When students finish, they often go home, or to a bigger city, or abroad: “The issue is that they don’t get paid well here, the salary isn’t enough – that’s why they leave. They just want a better life.”
“But I was born here, and I like it here. And I’ve been doing parties for so many years – I want to stay a part of the city. For me, it’s not about a career, it’s completely different – I just want to show people music and work with my friends and do good things for my city. This is more important for me than just going abroad, being a superstar DJ and not thinking about my city. I don’t feel that.”
There’s definitely something special about Krakow’s underground club scene, and not just to the people inside it. Warsaw-based duo Private Press – producing high energy and dubbed out techno cuts – kicked off the Boiler Room set in Hotel Forum. “There’s an energy here that’s lacking in Warsaw,” they say. “People there love everything that’s hype, that’s popular, that’s easy. You have clubs like SMOLNA with big names, which is basically a big commercial techno club, and people love it because it’s ‘techno yeah’.”

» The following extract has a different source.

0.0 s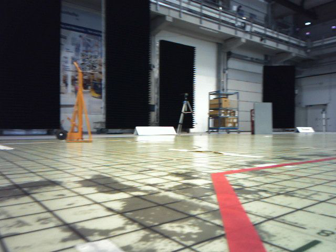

According to Private Press, Krakow has a slower pace and stronger bonds within its music community compared to Warsaw’s fast, commercial environment. This allows people to focus on the craft of production and the art of DJing, rather than simply giving mainstream audiences what they want. “People here are very open and confident about what they stand for,” they say. “Krakow represents what Warsaw lacks and should have – this healthier approach.”
They add that the whole of Poland’s underground music scene shares one issue: its proximity to Berlin. They think this has encouraged a sort of complacency: “We have this thing, this comfort, that if you don’t like what’s happening here you can always drive a few hours and be in Berlin, party, then come back here. That’s a crucial thing about understanding how Poland is.”
Maybe it’s no surprise that Private Press see Krakow as being different to their hometown of Warsaw: the latter is a metropolis of almost three million, while Krakow has a population of about 800,000. This means venues are fighting for a slice of a relatively small pie when it comes to getting punters through the door.
The True Music project hopes to support clubs, promoters and DJs in increasing numbers at parties, and people like Olivia won’t let challenges destroy this small yet vibrant DIY scene. “I love to be here,” she says, resolutely. “We’re doing parties and people here support us and want us to survive.”